Published in final edited form as: Cell Tissue Res. 2008 Aug 5;334(1):17–23. doi: 10.1007/s00441-008-0662-0

AMPA and NMDA glutamate receptors are found in both peptidergic and non-peptidergic primary afferent neurons in the rat

Helen Willcockson 1,, Juli Valtschanoff 1
PMCID: PMC2759700  NIHMSID: NIHMS121718  PMID: 18679721

Abstract

Two distinct classes of nociceptive primary afferents, peptidergic and non-peptidergic, respond similarly to acute noxious stimulation; however the peptidergic afferents are more likely to play a role in inflammatory pain, while the non-peptidergic afferents may be more characteristically involved in neuropathic pain.

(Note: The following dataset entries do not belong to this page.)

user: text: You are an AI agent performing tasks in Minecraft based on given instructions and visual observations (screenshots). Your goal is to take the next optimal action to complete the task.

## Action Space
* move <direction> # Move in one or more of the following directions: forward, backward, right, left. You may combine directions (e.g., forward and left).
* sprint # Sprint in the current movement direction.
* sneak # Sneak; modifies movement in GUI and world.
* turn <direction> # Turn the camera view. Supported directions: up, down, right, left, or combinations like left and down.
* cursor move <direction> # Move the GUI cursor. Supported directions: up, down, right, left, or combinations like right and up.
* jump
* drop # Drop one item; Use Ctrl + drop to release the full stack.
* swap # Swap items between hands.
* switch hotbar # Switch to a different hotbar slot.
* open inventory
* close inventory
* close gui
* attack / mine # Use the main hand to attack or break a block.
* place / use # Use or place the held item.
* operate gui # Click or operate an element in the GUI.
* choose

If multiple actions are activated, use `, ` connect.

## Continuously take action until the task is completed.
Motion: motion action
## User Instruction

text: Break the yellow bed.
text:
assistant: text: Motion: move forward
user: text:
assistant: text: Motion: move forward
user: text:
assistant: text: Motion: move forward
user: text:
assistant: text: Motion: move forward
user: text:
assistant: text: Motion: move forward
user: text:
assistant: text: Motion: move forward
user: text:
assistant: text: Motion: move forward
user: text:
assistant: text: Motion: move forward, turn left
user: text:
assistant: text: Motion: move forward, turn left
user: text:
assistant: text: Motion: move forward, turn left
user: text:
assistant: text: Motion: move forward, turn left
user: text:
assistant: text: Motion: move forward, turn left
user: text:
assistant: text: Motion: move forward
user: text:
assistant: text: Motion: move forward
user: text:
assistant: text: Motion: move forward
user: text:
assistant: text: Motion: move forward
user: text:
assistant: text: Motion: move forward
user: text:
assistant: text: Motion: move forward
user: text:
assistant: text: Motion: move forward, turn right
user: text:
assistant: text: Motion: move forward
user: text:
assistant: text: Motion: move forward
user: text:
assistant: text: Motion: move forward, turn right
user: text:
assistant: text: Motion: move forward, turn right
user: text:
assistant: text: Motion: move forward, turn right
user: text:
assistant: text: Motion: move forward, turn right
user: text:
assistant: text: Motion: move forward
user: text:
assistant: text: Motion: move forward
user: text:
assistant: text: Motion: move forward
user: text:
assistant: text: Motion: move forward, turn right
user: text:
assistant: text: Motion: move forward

Using multiple immunofluorescence, we determined the proportions of neurons in the rat L4 dorsal root ganglion (DRG) that co-express AMPA or NMDA glutamate receptors and markers for the peptidergic and non-peptidergic classes of primary afferents, substance P and P2X3, respectively. The fraction of DRG neurons immunostained for the NR1 subunit of the NMDA receptor (40%) was significantly higher than that of DRG neurons immunostained for the GluR2/3 (27%) or the GluR4 (34%) subunits of the AMPA receptor. Of all DRG neurons double-immunostained for glutamate receptor subunits and either marker for peptidergic and non-peptidergic afferents, a significantly larger proportion expressed GluR4 than GluR2/3 or NR1 and in a significantly larger proportion of P2X3- than SP-positive DRG neurons. These observations support the idea that nociceptors, involved primarily in the mediation of neuropathic pain, may be presynaptically modulated by GluR4-containing AMPA receptors.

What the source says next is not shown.